Extracted records below:
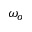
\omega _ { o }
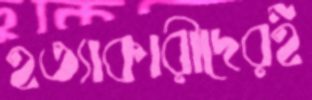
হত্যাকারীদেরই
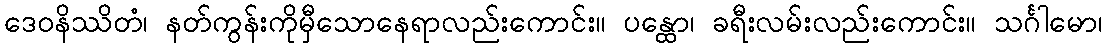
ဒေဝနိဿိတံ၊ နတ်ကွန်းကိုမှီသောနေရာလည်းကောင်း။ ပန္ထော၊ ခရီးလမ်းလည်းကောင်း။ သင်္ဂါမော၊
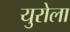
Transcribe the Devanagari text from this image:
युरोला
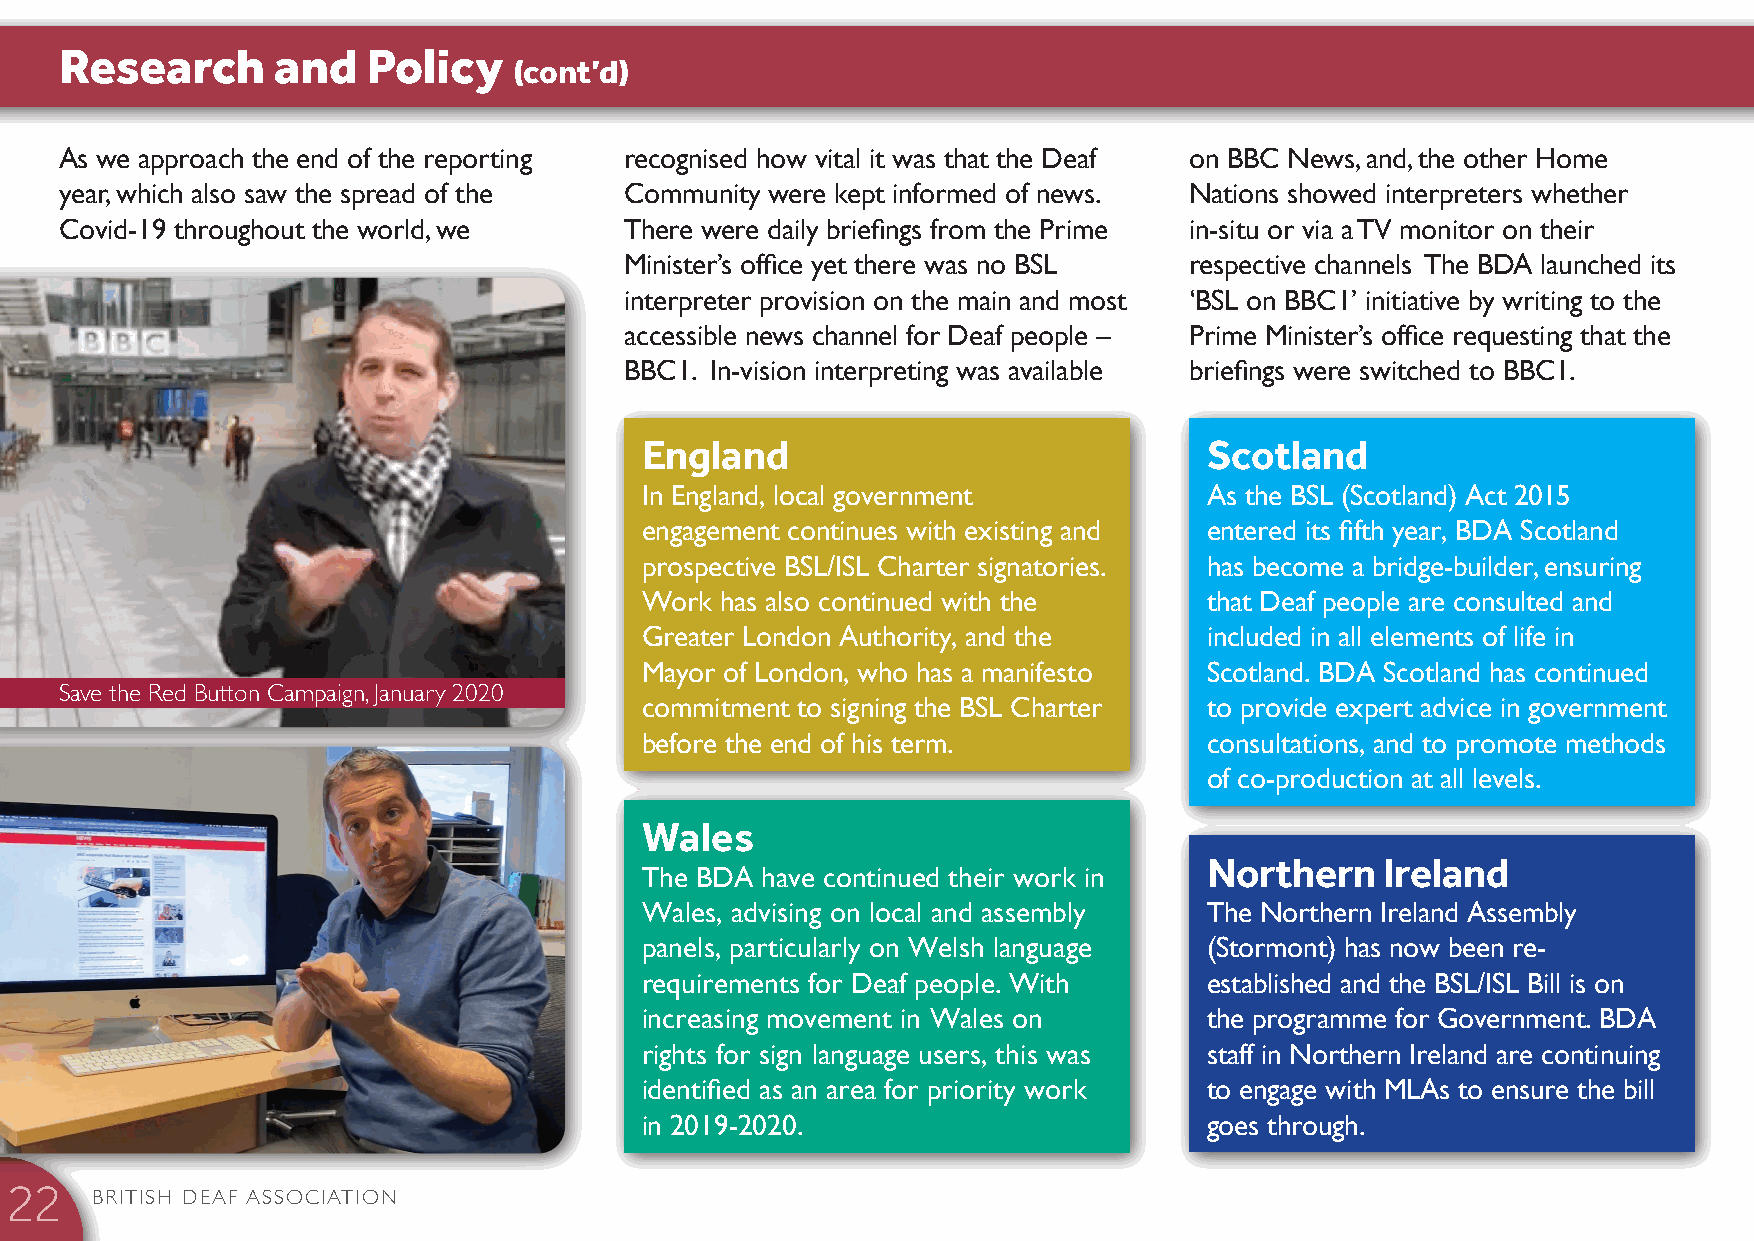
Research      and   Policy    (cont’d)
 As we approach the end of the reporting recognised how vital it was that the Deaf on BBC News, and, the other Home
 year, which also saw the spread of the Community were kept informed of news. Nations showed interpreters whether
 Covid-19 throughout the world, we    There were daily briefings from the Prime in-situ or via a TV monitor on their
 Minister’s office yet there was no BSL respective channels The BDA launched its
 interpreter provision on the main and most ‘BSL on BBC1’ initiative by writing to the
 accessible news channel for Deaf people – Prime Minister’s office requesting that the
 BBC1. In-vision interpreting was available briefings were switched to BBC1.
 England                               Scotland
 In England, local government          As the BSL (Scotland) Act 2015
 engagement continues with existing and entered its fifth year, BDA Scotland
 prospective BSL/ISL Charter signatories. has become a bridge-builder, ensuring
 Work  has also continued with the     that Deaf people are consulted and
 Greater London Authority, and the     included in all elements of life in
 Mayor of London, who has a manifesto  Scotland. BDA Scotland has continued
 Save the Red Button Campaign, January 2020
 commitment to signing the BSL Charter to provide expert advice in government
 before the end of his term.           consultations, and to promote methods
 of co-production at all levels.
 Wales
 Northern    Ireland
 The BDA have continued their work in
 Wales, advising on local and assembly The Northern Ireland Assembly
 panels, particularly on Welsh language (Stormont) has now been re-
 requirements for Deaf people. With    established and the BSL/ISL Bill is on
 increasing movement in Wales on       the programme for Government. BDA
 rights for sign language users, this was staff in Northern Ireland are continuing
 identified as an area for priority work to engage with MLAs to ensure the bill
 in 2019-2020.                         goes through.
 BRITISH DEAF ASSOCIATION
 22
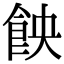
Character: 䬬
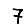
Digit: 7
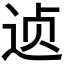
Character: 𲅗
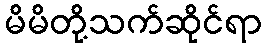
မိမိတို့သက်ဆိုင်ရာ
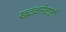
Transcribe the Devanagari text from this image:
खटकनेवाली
End of Extracted records.
Extracted records below:
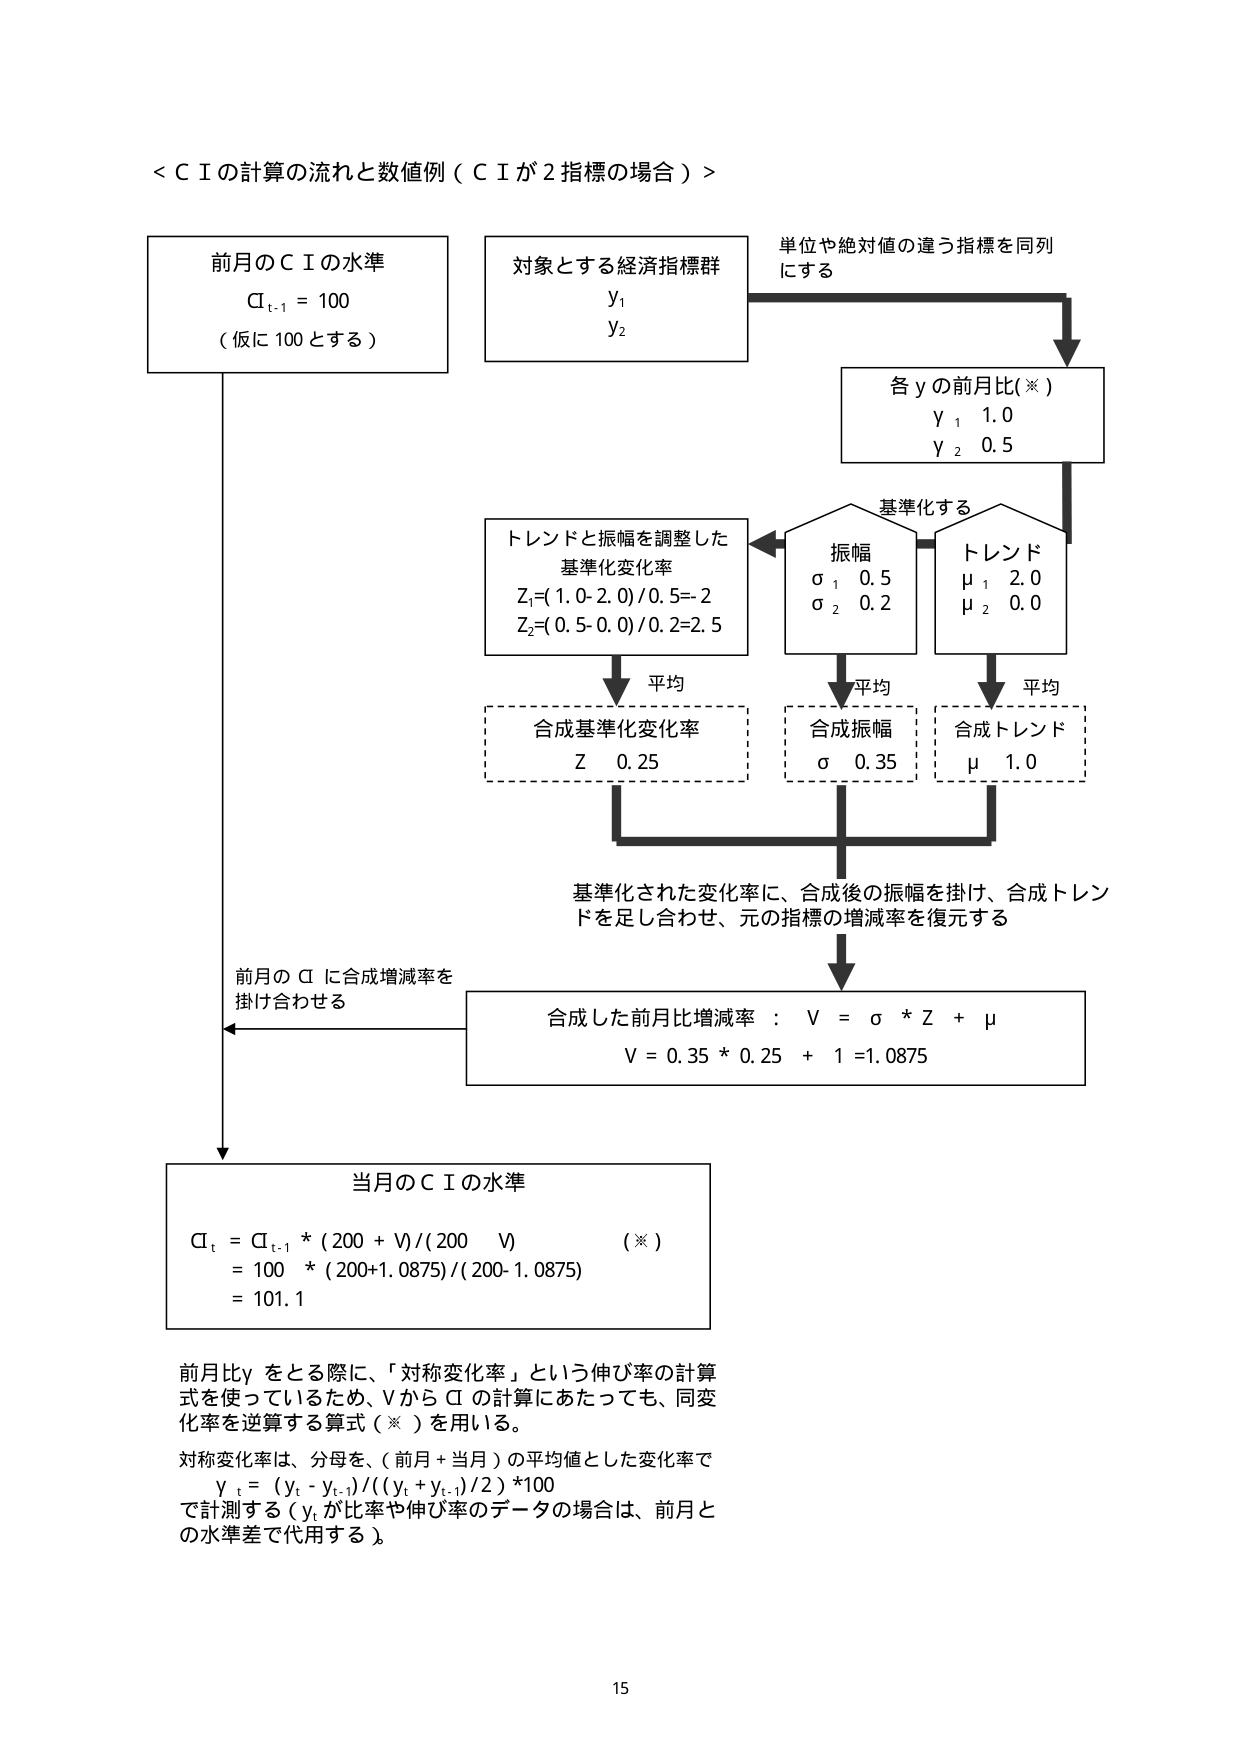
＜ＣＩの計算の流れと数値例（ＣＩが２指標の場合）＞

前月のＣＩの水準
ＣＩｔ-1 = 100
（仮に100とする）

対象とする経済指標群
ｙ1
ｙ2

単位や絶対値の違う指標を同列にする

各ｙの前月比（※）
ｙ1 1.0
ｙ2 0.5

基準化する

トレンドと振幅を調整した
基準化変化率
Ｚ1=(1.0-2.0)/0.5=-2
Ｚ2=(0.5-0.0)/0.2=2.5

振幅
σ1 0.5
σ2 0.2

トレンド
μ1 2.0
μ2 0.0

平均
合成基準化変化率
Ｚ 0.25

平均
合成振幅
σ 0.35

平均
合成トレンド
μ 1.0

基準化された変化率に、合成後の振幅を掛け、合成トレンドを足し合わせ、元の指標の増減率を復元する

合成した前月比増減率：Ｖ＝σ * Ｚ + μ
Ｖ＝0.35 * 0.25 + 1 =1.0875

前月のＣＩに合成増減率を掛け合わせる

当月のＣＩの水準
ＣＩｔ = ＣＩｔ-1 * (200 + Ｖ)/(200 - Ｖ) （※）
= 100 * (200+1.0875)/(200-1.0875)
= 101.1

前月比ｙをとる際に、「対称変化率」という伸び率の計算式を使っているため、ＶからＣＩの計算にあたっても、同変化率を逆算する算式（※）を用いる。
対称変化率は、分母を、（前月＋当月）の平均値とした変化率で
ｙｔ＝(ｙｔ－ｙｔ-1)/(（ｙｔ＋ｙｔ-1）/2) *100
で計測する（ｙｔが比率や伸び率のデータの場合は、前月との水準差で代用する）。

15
End of Extracted records.
**Work to complete**
From the data above, show each line that contains "England".

**Result of the task**
 England                               Scotland
 In England, local government          As the BSL (Scotland) Act 2015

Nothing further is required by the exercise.